In graph theory, a branch of mathematics, the matching preclusion number of a graph G (denoted mp(G)) is the minimum number of edges whose deletion results in the destruction of a perfect matching or near-perfect matching (a matching that covers all but one vertex in a graph with an odd number of vertices). Matching preclusion measures the robustness of a graph as a communications network topology for distributed algorithms that require each node of the distributed system to be matched with a neighboring partner node.

In many graphs, mp(G) is equal to the minimum degree of any vertex in the graph, because deleting all edges incident to a single vertex prevents it from being matched. This set of edges is called a trivial matching preclusion set. A variant definition, the conditional matching preclusion number, asks for the minimum number of edges the deletion of which results in a graph that has neither a perfect or near-perfect matching nor any isolated vertices.

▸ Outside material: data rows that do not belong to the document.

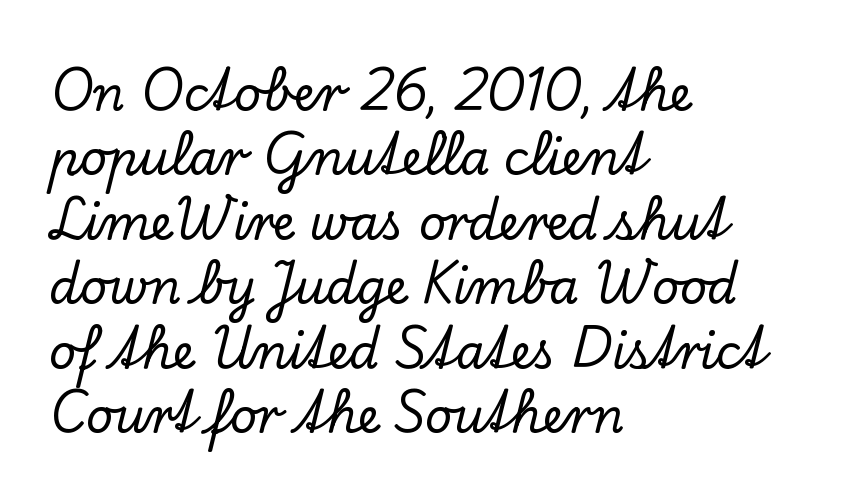
The image shows 47 px serif type; set left-aligned, normal line spacing (1.37x), normal letter spacing, not underlined; low stroke contrast and a small x-height.
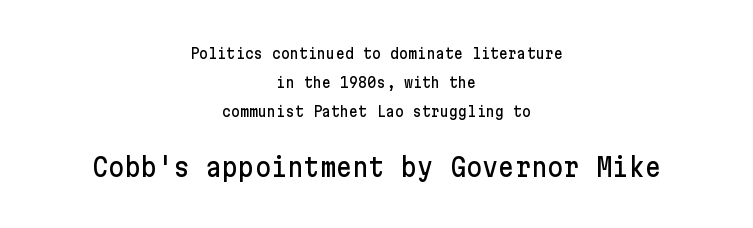
The leading is generous, giving the passage an open texture. Type size steps up from the first block to the second. The strip under each line holds only bare page. The line texture is even and compact thanks to regular tracking.
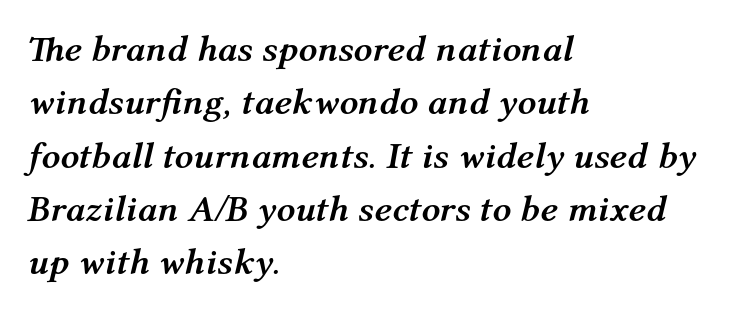
The whole block is typeset with a tilt. Default kerning and tracking; the words read as compact shapes. Just letters on the line, the space beneath them empty. This sample has the flowing, uneven cadence of proportional lettering.
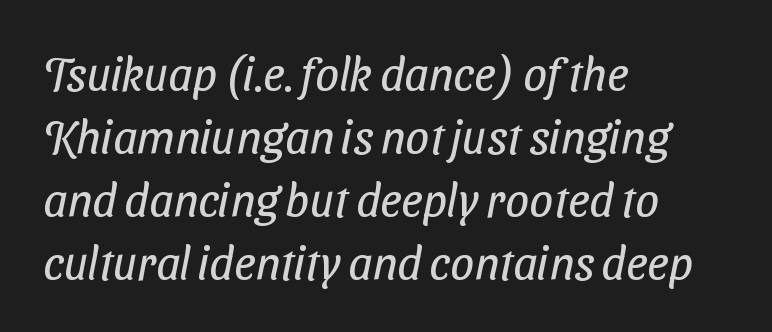
Q: Is the text bold? A: No.
Q: Is the typeface a serif or a sans-serif typeface? A: Sans-serif.
Q: Is the text underlined? A: No.
Q: How is the paragraph aligned? A: Left-aligned.
Q: Is the spacing between letters normal or unusually wide? A: Normal.
Q: Is the spacing between lines tight, normal or loose? A: Normal.
Q: Width (condensed, normal, or wide)? A: Condensed.
Q: Stroke contrast? A: Low.
Q: x-height? A: Medium.
Q: Monospaced? A: No.
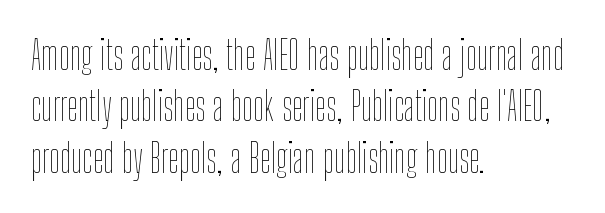
The image shows 39 px thin, condensed type, upright; set left-aligned, normal line spacing (1.32x), normal letter spacing, not underlined; low stroke contrast and a medium x-height.
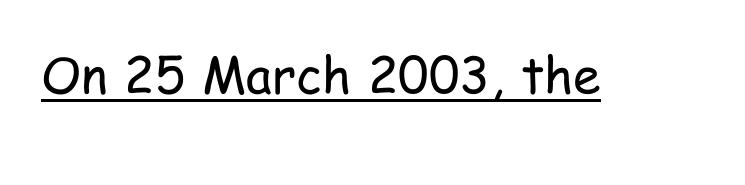
Q: Is the text bold? A: No.
Q: Is the text italic (slanted)? A: No, it is upright.
Q: Is the typeface a serif or a sans-serif typeface? A: Sans-serif.
Q: Is the text underlined? A: Yes.
Q: Is the spacing between letters normal or unusually wide? A: Normal.
Q: Width (condensed, normal, or wide)? A: Condensed.
Q: Stroke contrast? A: Low.
Q: x-height? A: Medium.
Q: Monospaced? A: No.
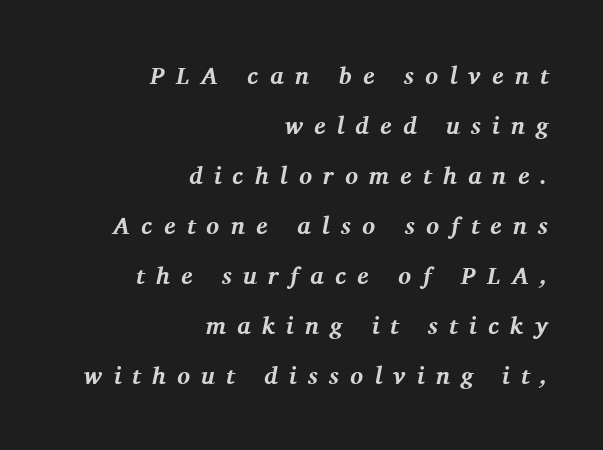
Words appear elongated and porous because spacing is wide. Quick note: italic. The compositor pushed each line to the right boundary. The strokes are fattened all the way to bold. The passage shown is not underscored anywhere.
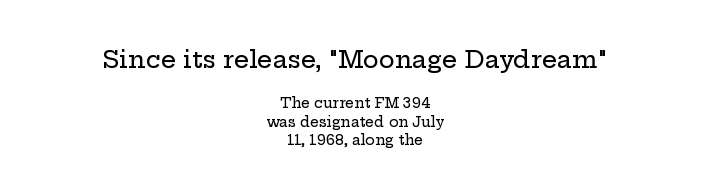
The image shows 24 px text type, upright; set centered, normal line spacing (1.3x), normal letter spacing, not underlined; the first (top) block is 1.71x larger.

It is NP-complete to test whether the matching preclusion number of a given graph is below a given threshold.

The strong matching preclusion number (or simply, SMP number) is a generalization of the matching preclusion number; the SMP number of a graph G, smp(G) is the minimum number of vertices and/or edges whose deletion results in a graph that has neither perfect matchings nor almost-perfect matchings.

Other numbers defined in a similar way by edge deletion in an undirected graph include the edge connectivity, the minimum number of edges to delete in order to disconnect the graph, and the cyclomatic number, the minimum number of edges to delete in order to eliminate all cycles.